To be fair, not all sellers will be interested (or even understand) the concept outlined. Your better gamble is to find a land that the owner has great interest in selling, whether because they are moving, a divorce settlement, or frustration with tenants.

Actually, if you maybe currently renting and considering using this approach perhaps the owner would be glad to assist you! There are a few variations that could be used depending upon you and your seller. Do they desire the market price or are they just eager to get out from the monthly payments – perhaps facing foreclosure?

The simplest way is to consider taking over their mortgage obligations – called ‘assuming’ the mortgage. You will need to be approved by the first lender to presume the mortgage. If you cannot get approved for an assumable mortgage you could also try a ‘subject to’ assumption where you merely make repayments while the property stays in the seller’s name.

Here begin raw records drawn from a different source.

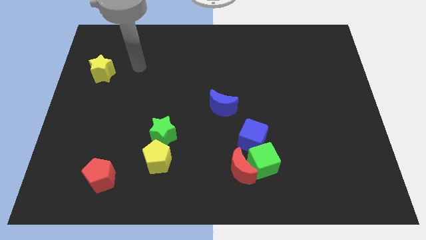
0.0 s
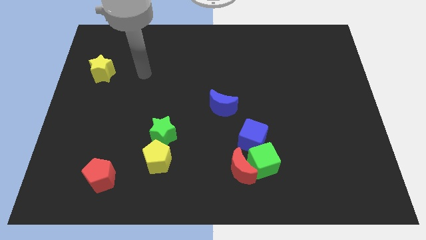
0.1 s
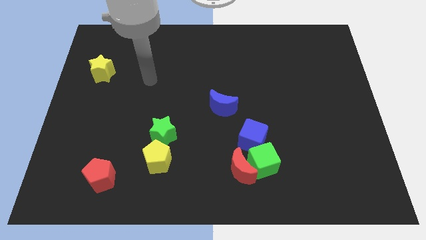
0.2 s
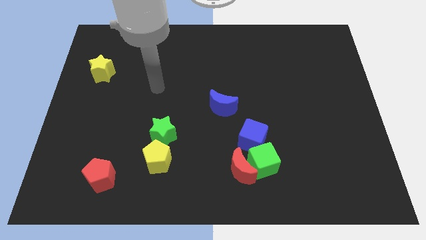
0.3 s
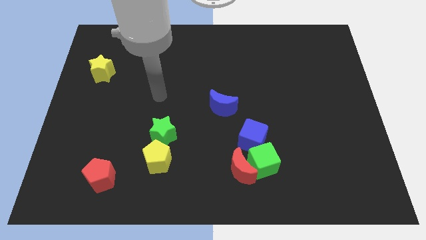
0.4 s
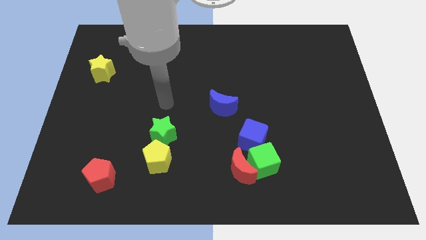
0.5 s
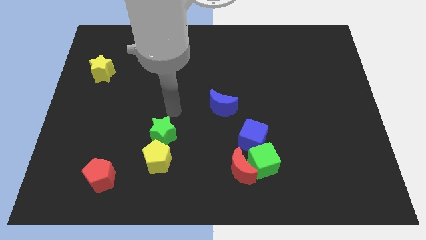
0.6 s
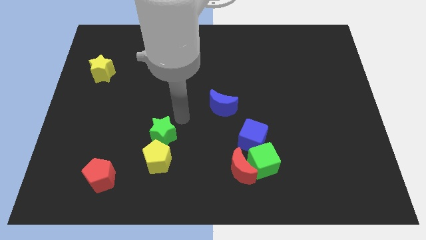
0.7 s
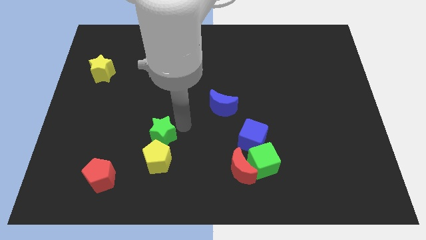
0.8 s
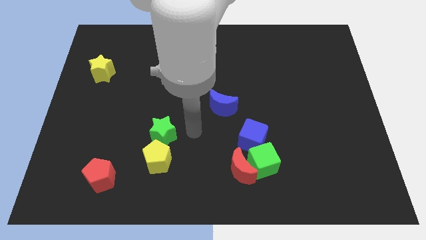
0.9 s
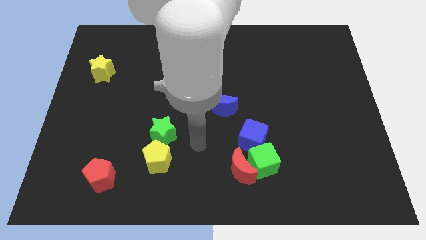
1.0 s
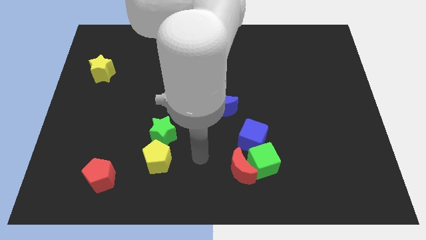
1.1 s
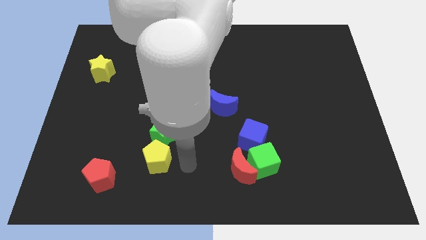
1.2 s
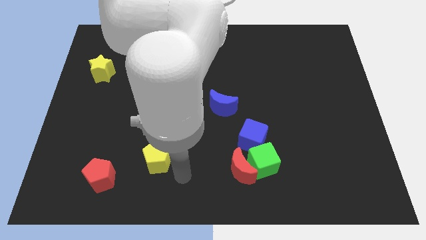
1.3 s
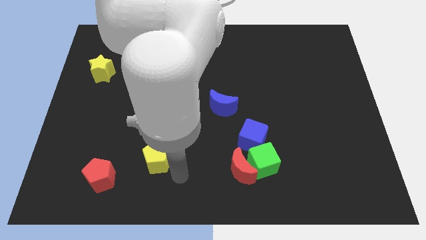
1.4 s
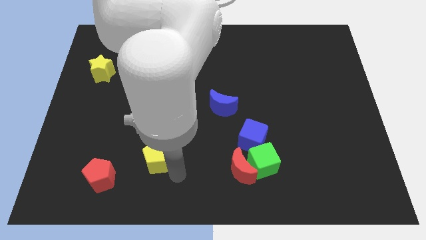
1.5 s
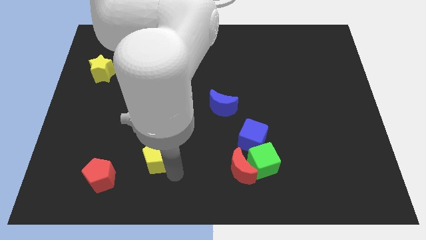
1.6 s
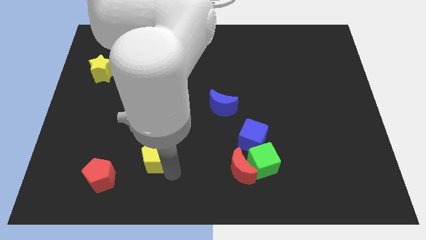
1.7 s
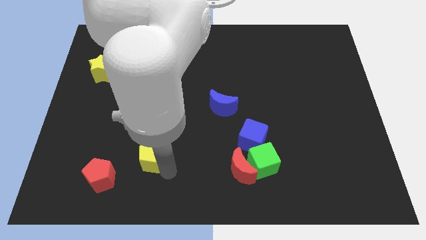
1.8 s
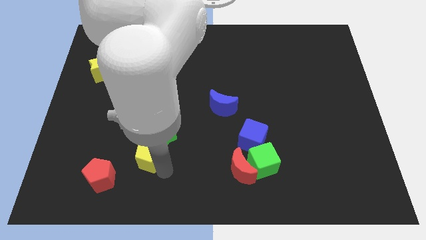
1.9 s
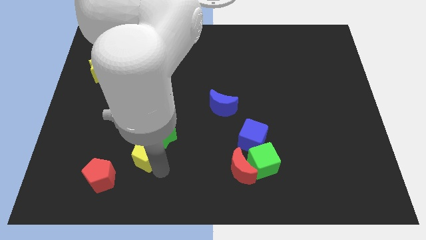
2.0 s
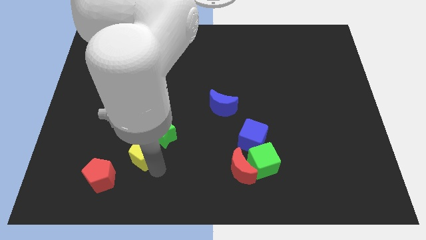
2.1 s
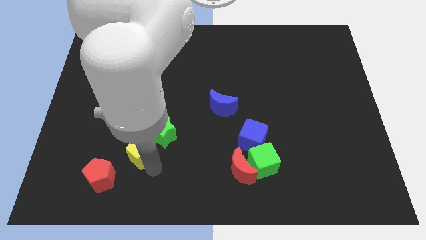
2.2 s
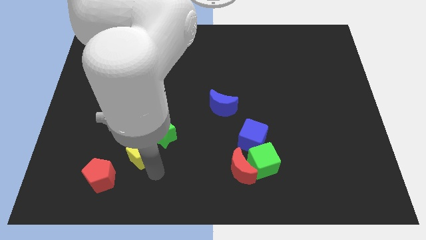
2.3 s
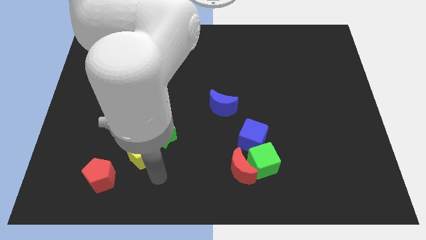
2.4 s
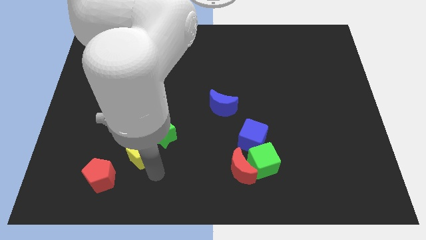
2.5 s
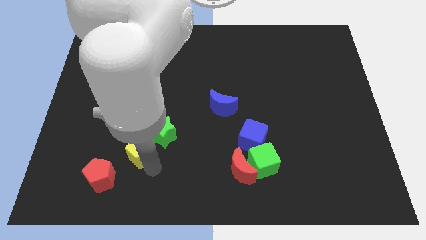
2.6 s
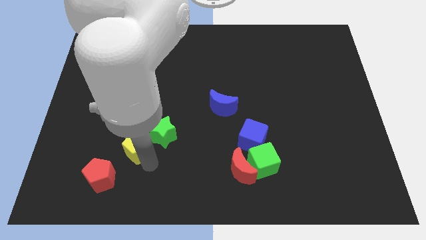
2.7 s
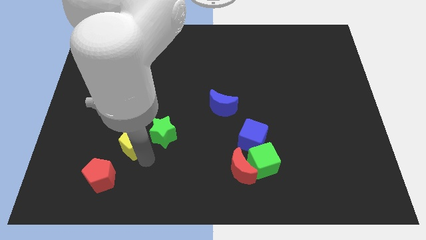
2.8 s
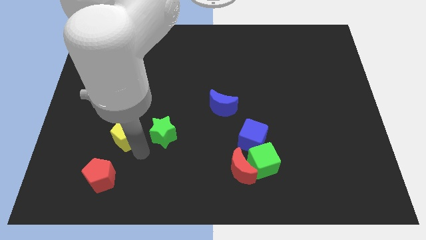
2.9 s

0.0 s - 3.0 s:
slightly push the yellow pentagon upwards and then to the left

You take over the first mortgage and make a 2nd mortgage on the remaining cost of the property with the seller. Offer a high, interest-only payment for a short time frame – 2 or 3 years. Rather than having the money sit in a bank they can be collecting a high interest over two or three years with the remainder due in full at the end of the investment term.

When the term draws to a close you should be able to refinance the cost, or you can sell. Unless you hit a genuine bad market the value of the house should have risen by then.

A lot of mortgage lenders merely need to make a good investment. While your local bank may still be scared there are a lot of financial lenders that would like to make a deal. Financiers like real estate. The mortgage is mostly around 60-70% of the value of the land, so as long as they understand they get their money back in the value of the land if you default, they do not care what sort of income you make. Conclude the deal with a 2nd mortgage done with the seller. In case you default they can still foreclose on the property and sell it, paying down the existing mortgage in the proceeds.

Now you can see the complete picture. It is good that seller and buyer may work hand in hand. In the event they can’t wait for a sale, you may still give them their initial price with a little versatility on their part.